Abundance: What we have is enough if we share and if we allow it to flow. We have the capacity to provide what we need in the face of the human condition.
Awareness and Understanding: We strive to keep compassion in our daily thoughts and practice, and to understand the meaning of compassion and its relation to charity, justice and good works. We become increasingly aware of how we practice compassion and of opportunities to grow our practice of compassion.
Intention: We make a conscious choice to continually grow both our commitment and capacity for compassion. Our commitment to compassion moves us to practice compassion where we are able.
Compassion: This is the shared purpose and principle. Compassion is common ground and a unifying force in our polarized world. Compassion impels us to work tirelessly to alleviate the suffering of our fellow creatures, to dethrone ourselves from the center of our world and put another there, and to honor the inviolable sanctity of every single human being, treating everybody, without exception, with absolute justice, equity and respect. Compassion is the bridge between internal practice and external change.
Beauty: Compassion calls for a beautiful morality. It seeks to see the beauty in what is, and to incorporate the shadow. If a morality has beauty, it is compassionate.

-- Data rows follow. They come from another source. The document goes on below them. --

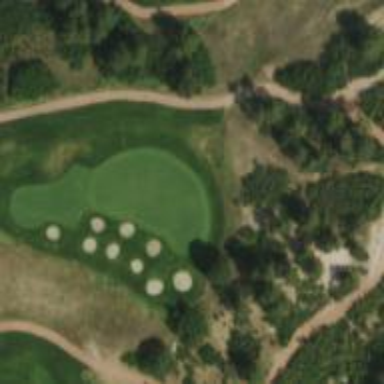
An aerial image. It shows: View of golf hole.
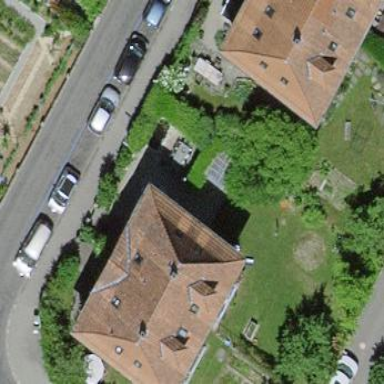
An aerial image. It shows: Semidetached house with hipped roof made of maroon roof tiles.
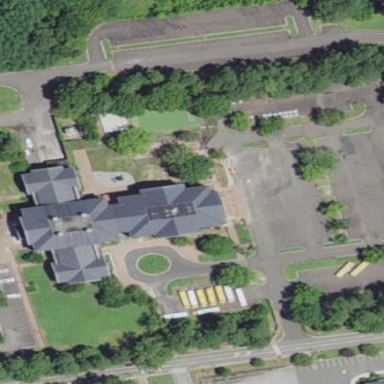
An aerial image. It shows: School building.
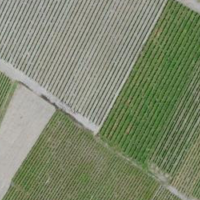
EUNIS habitat code: 40
Species observed at this site:
Zygaena viciae
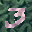
Label: 3
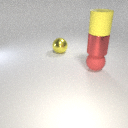
large red metal cylinder above large red rubber sphere
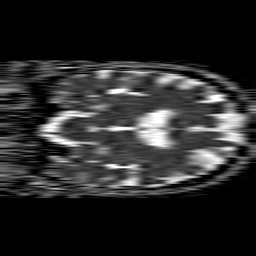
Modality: ADC
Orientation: coronal
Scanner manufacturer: philips
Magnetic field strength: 1.5 T
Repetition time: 4.6 s
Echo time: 0.08941 s
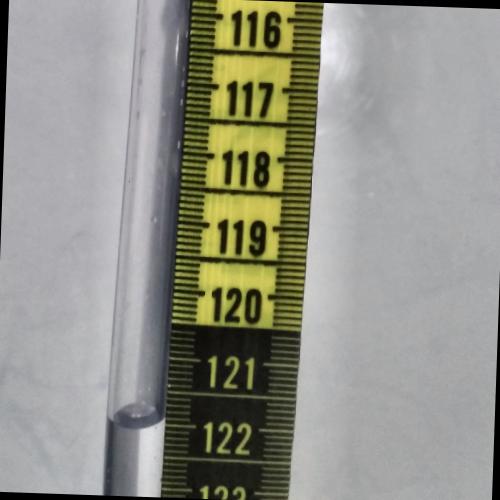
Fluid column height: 121.9 cm
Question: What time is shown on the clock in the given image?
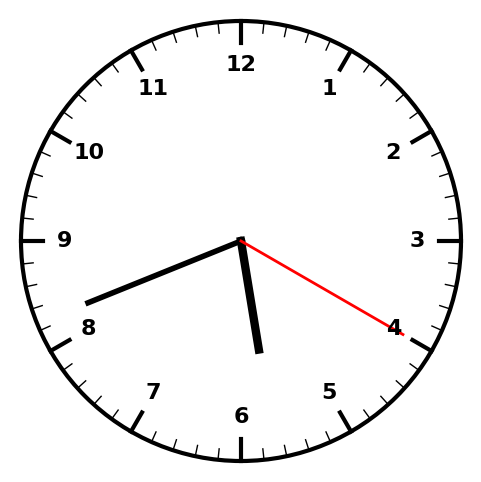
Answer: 05:41:20
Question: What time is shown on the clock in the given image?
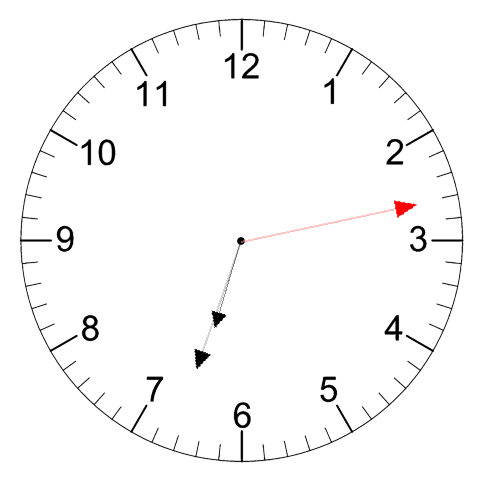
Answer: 06:33:13
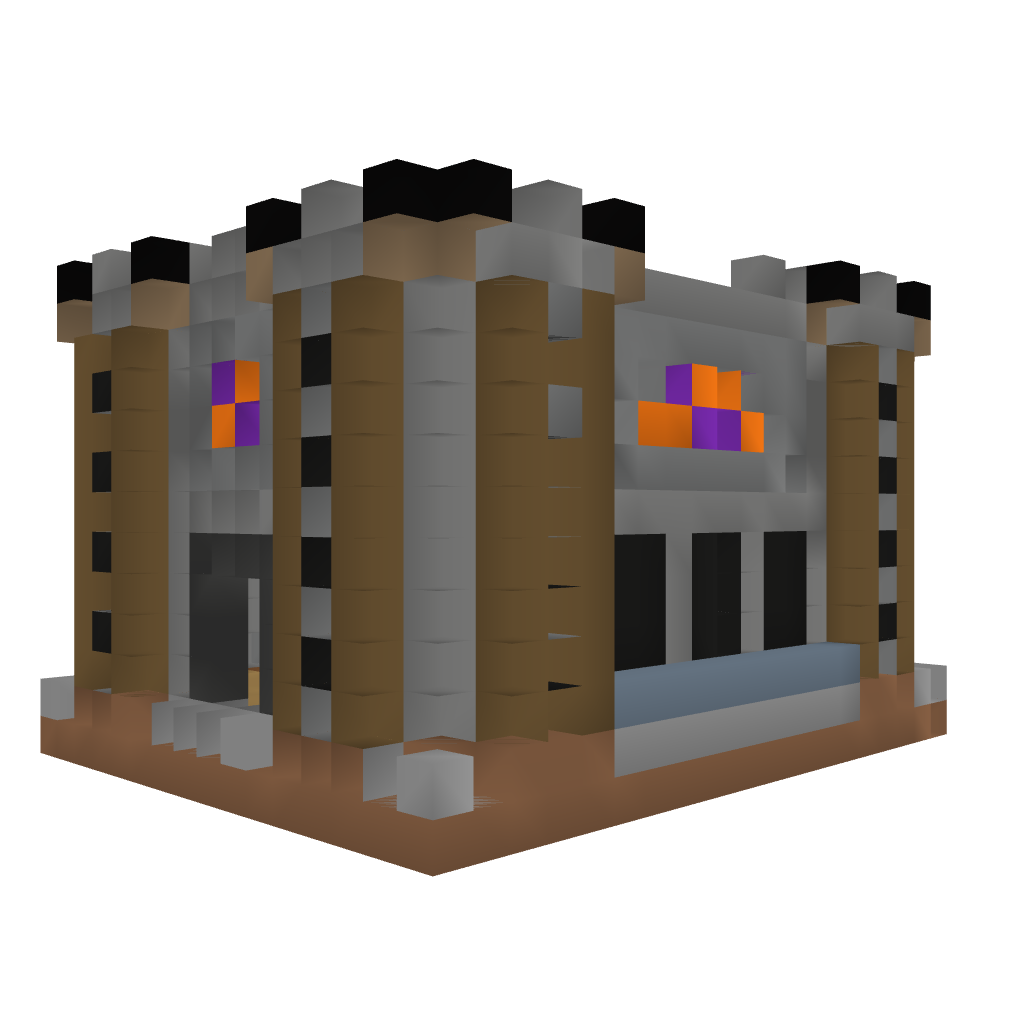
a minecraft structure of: Gatehouse
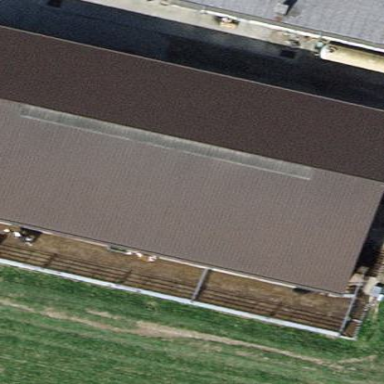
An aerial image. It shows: Gabled roof on farm auxiliary building.
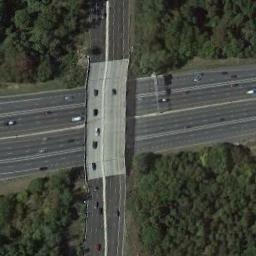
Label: overpass
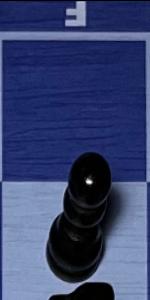
Label: Pawn_Black
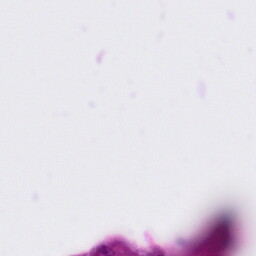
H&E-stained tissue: Tonsil
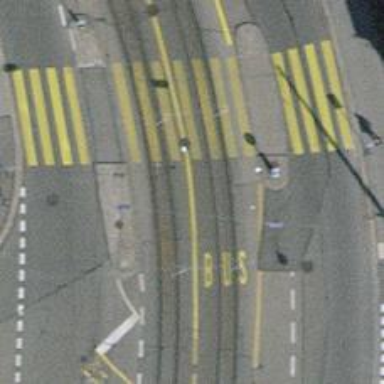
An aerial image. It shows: Uncontrolled zebra crossing with island. The crossing is marked with zebra stripes.
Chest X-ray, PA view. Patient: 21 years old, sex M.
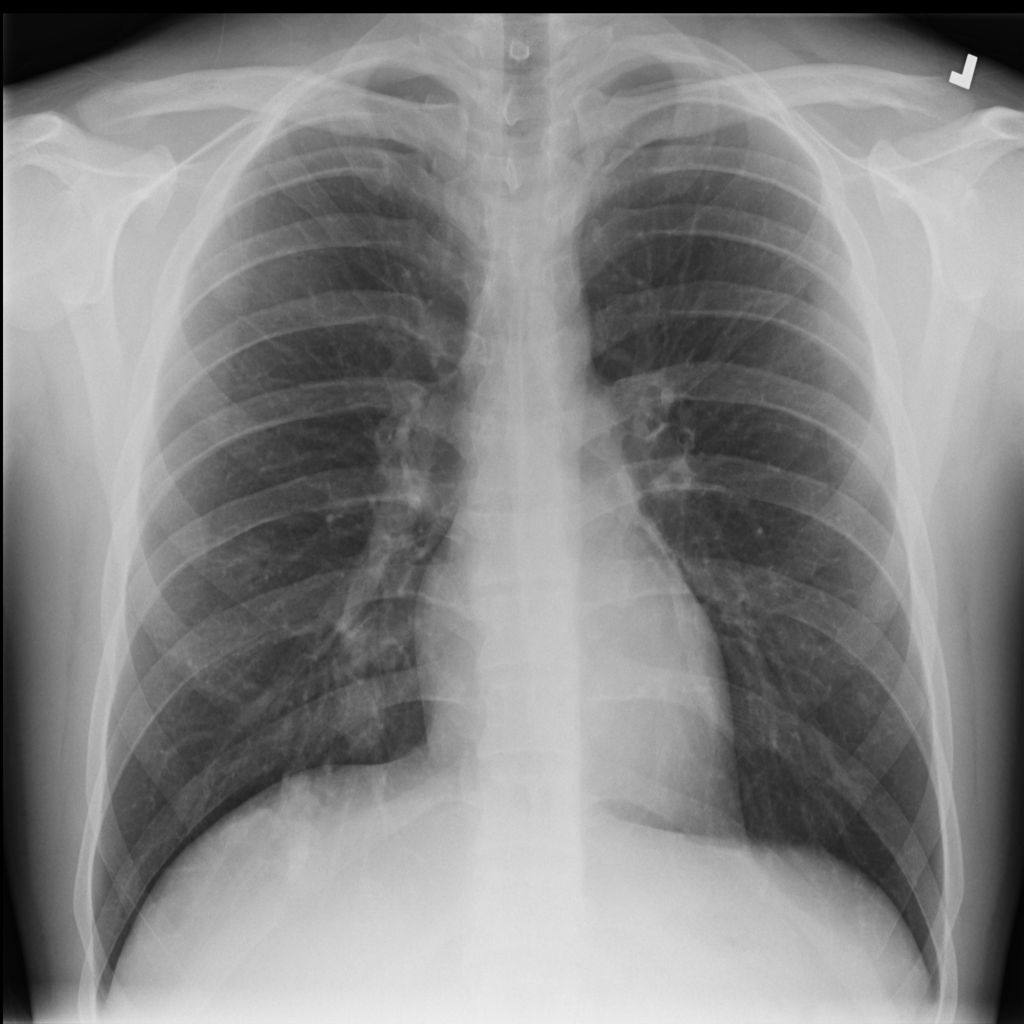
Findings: Nodule
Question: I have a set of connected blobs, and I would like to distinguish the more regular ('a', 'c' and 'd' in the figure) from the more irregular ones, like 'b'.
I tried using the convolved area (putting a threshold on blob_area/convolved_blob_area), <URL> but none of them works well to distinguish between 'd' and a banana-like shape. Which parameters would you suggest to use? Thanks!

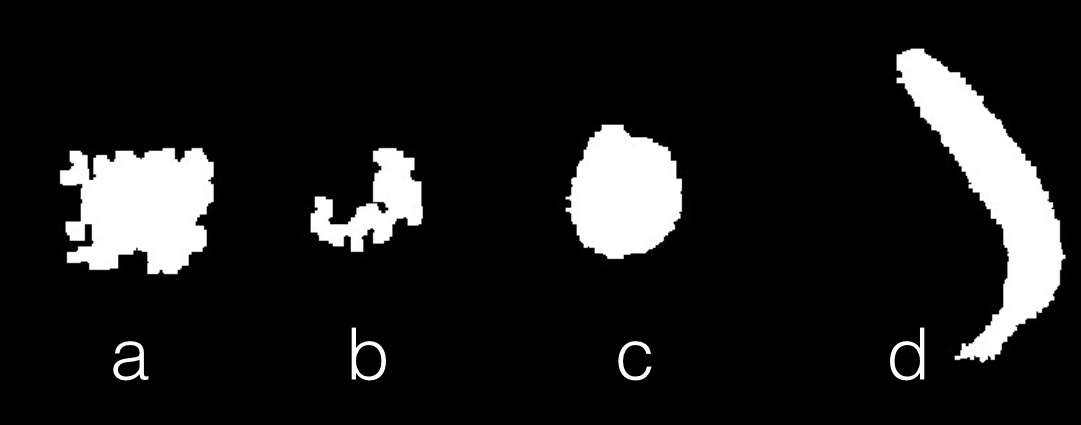
Answer: One idea that came into my mind was that, you can use 'number of corners' per 'size of blob' to determine the 'regularity/irregularity'. The test results seem to comply with our hypothesis too. Here's the code -
'''
im = imread(input_image_path);
bw= im2bw(im);
%// Parameter for cutting into four slices into the third dimsensions
%// corresponding to the four objects
common_width = 270;
%// Threshold to decide between regular and irregular ones
factor1_th = 0.01;
bw1 = bw(:,1:common_width*floor(size(bw,2)/common_width)); %// Cropped image
objs =reshape(bw1,size(bw1,1),common_width,[]);%//Objects stored as dim3 slices
for objc=1:size(objs,3) %// Object counter
disp(['-------------- Processing Obj #' num2str(objc)]);
obj = objs(:,:,objc);
corners = corner(obj);
factor1 = size(corners,1)/nnz(obj)
if factor1 > factor1_th
disp('This is an irregular one.'); %//'
else
disp('This is a regular one.'); %//'
end
end
'''
Output -
'''
-------------- Processing Obj #1
factor1 =
0.0050
This is a regular one.
-------------- Processing Obj #2
factor1 =
0.0109
This is an irregular one.
-------------- Processing Obj #3
factor1 =
0.0052
This is a regular one.
-------------- Processing Obj #4
factor1 =
0.0078
This is a regular one.
'''
If anyone is interested in running the code, here's the input image that has the symbols a,b,c,d removed -

Link - <URL>
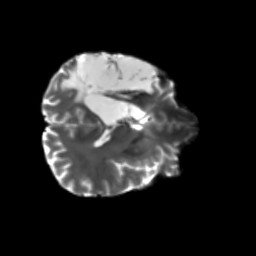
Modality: T2w
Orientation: axial
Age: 50
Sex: male
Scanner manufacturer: siemens
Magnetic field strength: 3 T
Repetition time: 5.25 s
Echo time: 0.08 s
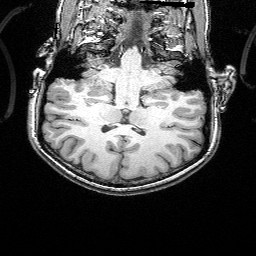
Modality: T1w
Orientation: sagittal
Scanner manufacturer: siemens
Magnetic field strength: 3 T
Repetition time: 2.25 s
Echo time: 0.00418 s
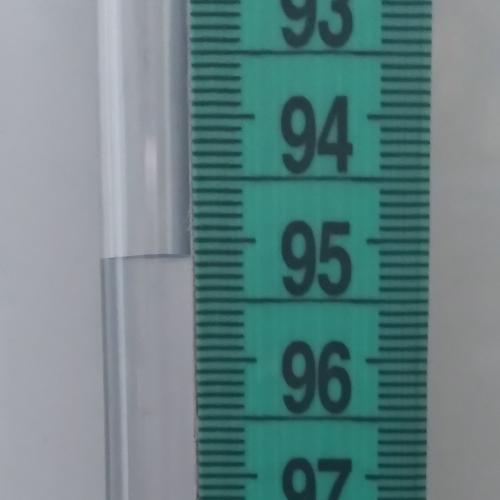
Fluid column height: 95.1 cm
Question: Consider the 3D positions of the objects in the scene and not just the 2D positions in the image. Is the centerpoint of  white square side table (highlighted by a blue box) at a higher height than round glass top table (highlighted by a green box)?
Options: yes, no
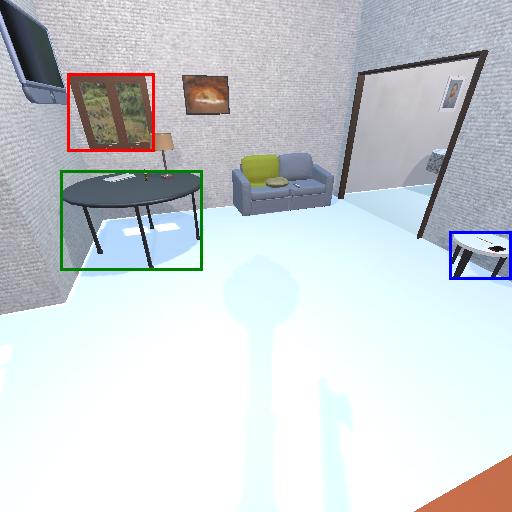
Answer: yes
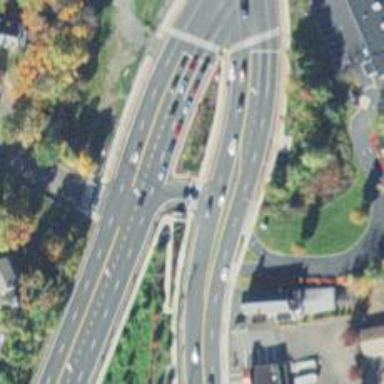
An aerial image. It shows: Primary link highway.
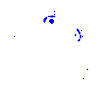
Particle: kaon
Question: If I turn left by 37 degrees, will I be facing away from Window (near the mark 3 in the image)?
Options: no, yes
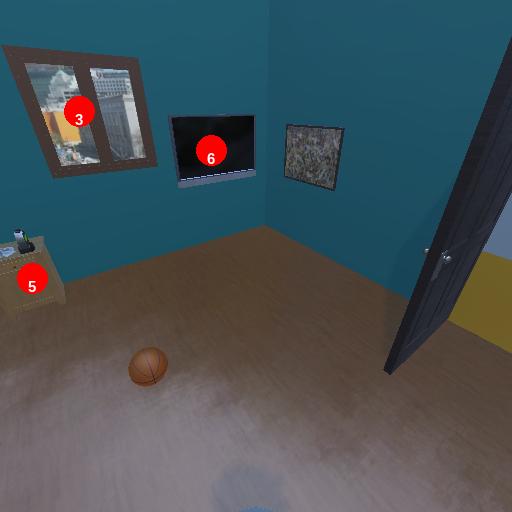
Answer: no
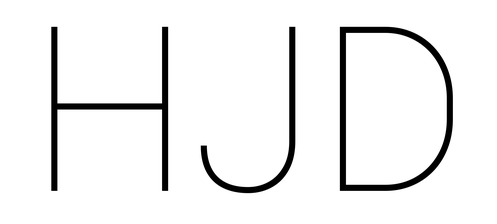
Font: Roboto_Thin
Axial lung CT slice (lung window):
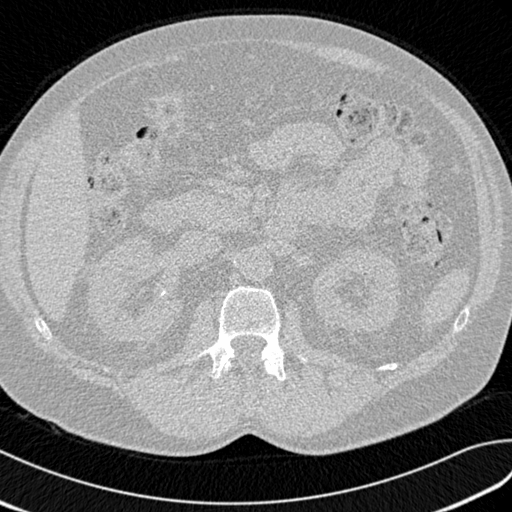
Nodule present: no
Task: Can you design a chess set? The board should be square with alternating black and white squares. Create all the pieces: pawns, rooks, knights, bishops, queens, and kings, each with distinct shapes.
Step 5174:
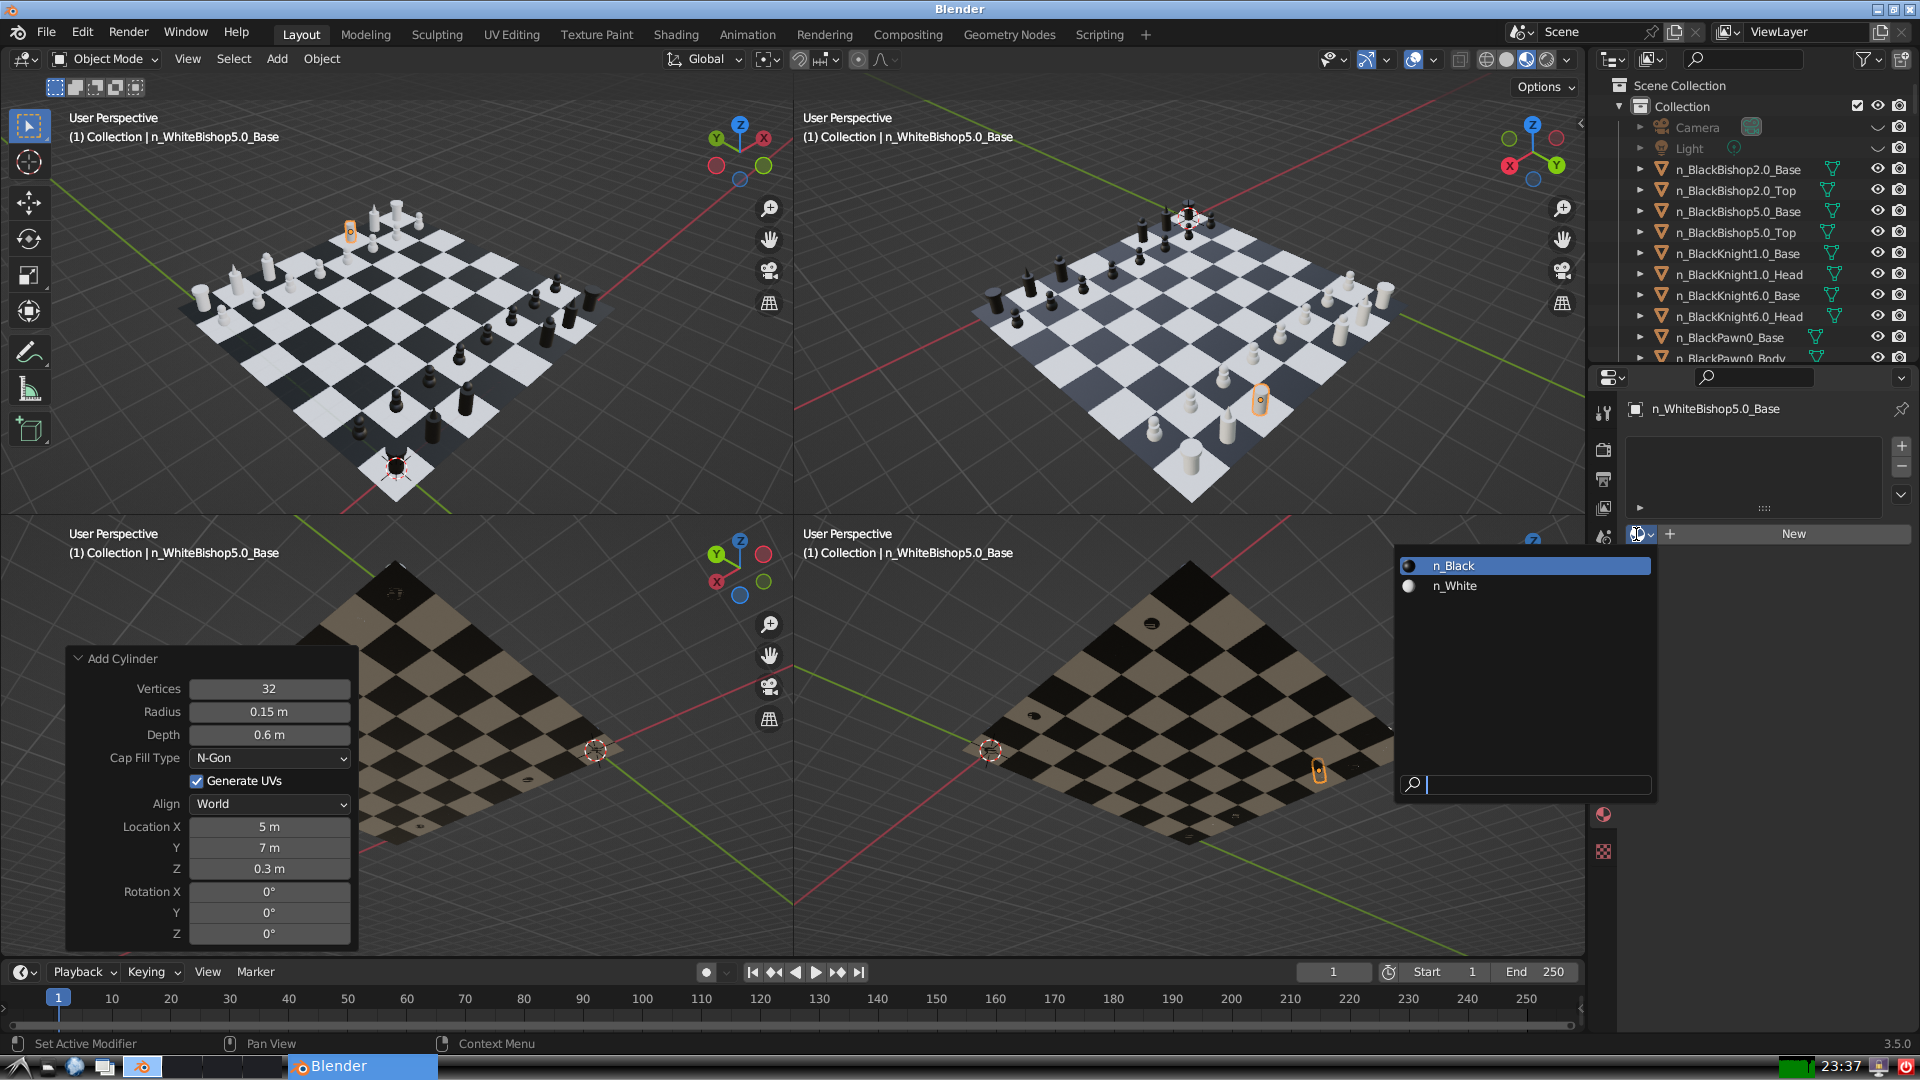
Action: input_text: n_White
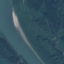
Land use / land cover: River
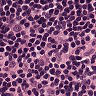
Metastatic tissue present: no
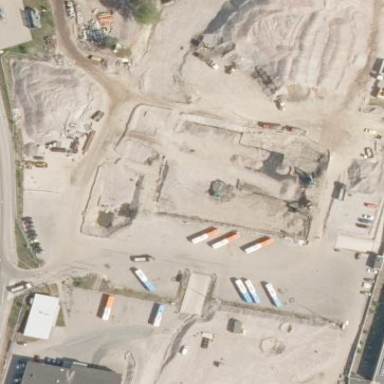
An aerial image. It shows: Industrial area designated as depot.
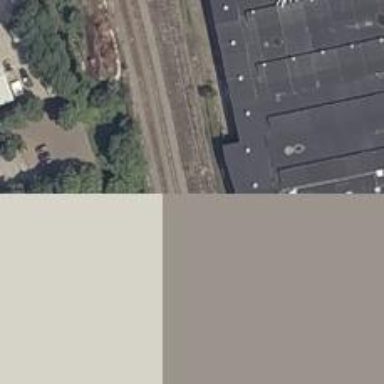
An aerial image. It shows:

Inclusion: Anyone and everyone who commits to compassion is welcomed. Empowerment. This campaign is about empowering people to make a difference in their own life and the lives of others.
Transparency: There is no political agenda. This effort exists to enable compassionate living to help the citizens of our community reap the benefits that come from living a compassionate life—which are many.
Universally Positive: “The best criticism of the bad is the practice of the better.” -St Francis of Assisi. This effort is solely designed to advance compassionate action and will have no opinion on outside issues.
Social Innovation: Individuals and groups are free to embody compassion in their own ways. Social innovation is encouraged. Paying it forward. Anyone who participates “owes” no one anything other than to “pay it forward.” People are encouraged to participate simply to experience first hand the thrill and joy associated with compassionate living.